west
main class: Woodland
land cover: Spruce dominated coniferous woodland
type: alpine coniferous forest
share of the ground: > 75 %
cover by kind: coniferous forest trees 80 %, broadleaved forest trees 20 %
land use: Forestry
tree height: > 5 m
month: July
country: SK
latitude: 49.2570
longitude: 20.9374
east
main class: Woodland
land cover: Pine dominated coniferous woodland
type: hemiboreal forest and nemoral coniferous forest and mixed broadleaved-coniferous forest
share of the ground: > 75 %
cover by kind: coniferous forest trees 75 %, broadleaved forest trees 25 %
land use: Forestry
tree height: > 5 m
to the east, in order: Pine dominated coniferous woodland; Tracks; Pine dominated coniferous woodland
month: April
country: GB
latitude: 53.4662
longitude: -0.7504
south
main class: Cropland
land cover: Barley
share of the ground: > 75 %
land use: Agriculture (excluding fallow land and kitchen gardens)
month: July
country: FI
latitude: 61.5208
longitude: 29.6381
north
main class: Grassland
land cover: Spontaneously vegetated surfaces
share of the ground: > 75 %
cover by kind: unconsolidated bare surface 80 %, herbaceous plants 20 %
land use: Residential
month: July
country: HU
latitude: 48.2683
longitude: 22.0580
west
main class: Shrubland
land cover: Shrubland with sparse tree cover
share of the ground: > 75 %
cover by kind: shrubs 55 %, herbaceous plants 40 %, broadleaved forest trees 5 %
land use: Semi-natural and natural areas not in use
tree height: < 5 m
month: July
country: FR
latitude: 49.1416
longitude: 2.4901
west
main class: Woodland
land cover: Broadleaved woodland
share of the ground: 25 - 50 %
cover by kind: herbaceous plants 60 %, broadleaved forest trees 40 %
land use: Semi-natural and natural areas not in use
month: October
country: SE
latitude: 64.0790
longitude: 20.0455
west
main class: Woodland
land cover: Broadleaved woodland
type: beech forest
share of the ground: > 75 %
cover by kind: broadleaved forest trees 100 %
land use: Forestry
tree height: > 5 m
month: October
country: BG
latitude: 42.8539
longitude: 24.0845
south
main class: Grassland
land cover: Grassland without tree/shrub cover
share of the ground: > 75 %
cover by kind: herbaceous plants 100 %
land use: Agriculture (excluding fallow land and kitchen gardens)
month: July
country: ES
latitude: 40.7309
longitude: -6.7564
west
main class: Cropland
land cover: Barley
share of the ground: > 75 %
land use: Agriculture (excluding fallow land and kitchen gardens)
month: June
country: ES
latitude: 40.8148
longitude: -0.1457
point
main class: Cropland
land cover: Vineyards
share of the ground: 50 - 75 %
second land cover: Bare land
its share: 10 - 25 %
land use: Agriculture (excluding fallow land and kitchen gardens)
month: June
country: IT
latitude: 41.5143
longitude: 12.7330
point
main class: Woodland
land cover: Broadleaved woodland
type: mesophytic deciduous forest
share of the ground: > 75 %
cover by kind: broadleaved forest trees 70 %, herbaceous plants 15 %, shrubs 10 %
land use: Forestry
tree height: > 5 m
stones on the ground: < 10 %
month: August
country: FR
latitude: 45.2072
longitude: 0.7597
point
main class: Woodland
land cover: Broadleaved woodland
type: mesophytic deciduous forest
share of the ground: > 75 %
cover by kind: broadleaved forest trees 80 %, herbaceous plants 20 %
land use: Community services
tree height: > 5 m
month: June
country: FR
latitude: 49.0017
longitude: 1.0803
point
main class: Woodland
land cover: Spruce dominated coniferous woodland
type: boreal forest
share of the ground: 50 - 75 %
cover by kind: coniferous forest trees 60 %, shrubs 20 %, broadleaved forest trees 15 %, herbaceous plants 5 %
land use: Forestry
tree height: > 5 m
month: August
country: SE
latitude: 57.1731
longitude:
== == ==
** EXERCISE **
Restate the whole listing exactly.

** SOLUTION TO THIS PROBLEM **
west
main class: Woodland
land cover: Spruce dominated coniferous woodland
type: alpine coniferous forest
share of the ground: > 75 %
cover by kind: coniferous forest trees 80 %, broadleaved forest trees 20 %
land use: Forestry
tree height: > 5 m
month: July
country: SK
latitude: 49.2570
longitude: 20.9374
east
main class: Woodland
land cover: Pine dominated coniferous woodland
type: hemiboreal forest and nemoral coniferous forest and mixed broadleaved-coniferous forest
share of the ground: > 75 %
cover by kind: coniferous forest trees 75 %, broadleaved forest trees 25 %
land use: Forestry
tree height: > 5 m
to the east, in order: Pine dominated coniferous woodland; Tracks; Pine dominated coniferous woodland
month: April
country: GB
latitude: 53.4662
longitude: -0.7504
south
main class: Cropland
land cover: Barley
share of the ground: > 75 %
land use: Agriculture (excluding fallow land and kitchen gardens)
month: July
country: FI
latitude: 61.5208
longitude: 29.6381
north
main class: Grassland
land cover: Spontaneously vegetated surfaces
share of the ground: > 75 %
cover by kind: unconsolidated bare surface 80 %, herbaceous plants 20 %
land use: Residential
month: July
country: HU
latitude: 48.2683
longitude: 22.0580
west
main class: Shrubland
land cover: Shrubland with sparse tree cover
share of the ground: > 75 %
cover by kind: shrubs 55 %, herbaceous plants 40 %, broadleaved forest trees 5 %
land use: Semi-natural and natural areas not in use
tree height: < 5 m
month: July
country: FR
latitude: 49.1416
longitude: 2.4901
west
main class: Woodland
land cover: Broadleaved woodland
share of the ground: 25 - 50 %
cover by kind: herbaceous plants 60 %, broadleaved forest trees 40 %
land use: Semi-natural and natural areas not in use
month: October
country: SE
latitude: 64.0790
longitude: 20.0455
west
main class: Woodland
land cover: Broadleaved woodland
type: beech forest
share of the ground: > 75 %
cover by kind: broadleaved forest trees 100 %
land use: Forestry
tree height: > 5 m
month: October
country: BG
latitude: 42.8539
longitude: 24.0845
south
main class: Grassland
land cover: Grassland without tree/shrub cover
share of the ground: > 75 %
cover by kind: herbaceous plants 100 %
land use: Agriculture (excluding fallow land and kitchen gardens)
month: July
country: ES
latitude: 40.7309
longitude: -6.7564
west
main class: Cropland
land cover: Barley
share of the ground: > 75 %
land use: Agriculture (excluding fallow land and kitchen gardens)
month: June
country: ES
latitude: 40.8148
longitude: -0.1457
point
main class: Cropland
land cover: Vineyards
share of the ground: 50 - 75 %
second land cover: Bare land
its share: 10 - 25 %
land use: Agriculture (excluding fallow land and kitchen gardens)
month: June
country: IT
latitude: 41.5143
longitude: 12.7330
point
main class: Woodland
land cover: Broadleaved woodland
type: mesophytic deciduous forest
share of the ground: > 75 %
cover by kind: broadleaved forest trees 70 %, herbaceous plants 15 %, shrubs 10 %
land use: Forestry
tree height: > 5 m
stones on the ground: < 10 %
month: August
country: FR
latitude: 45.2072
longitude: 0.7597
point
main class: Woodland
land cover: Broadleaved woodland
type: mesophytic deciduous forest
share of the ground: > 75 %
cover by kind: broadleaved forest trees 80 %, herbaceous plants 20 %
land use: Community services
tree height: > 5 m
month: June
country: FR
latitude: 49.0017
longitude: 1.0803
point
main class: Woodland
land cover: Spruce dominated coniferous woodland
type: boreal forest
share of the ground: 50 - 75 %
cover by kind: coniferous forest trees 60 %, shrubs 20 %, broadleaved forest trees 15 %, herbaceous plants 5 %
land use: Forestry
tree height: > 5 m
month: August
country: SE
latitude: 57.1731
longitude:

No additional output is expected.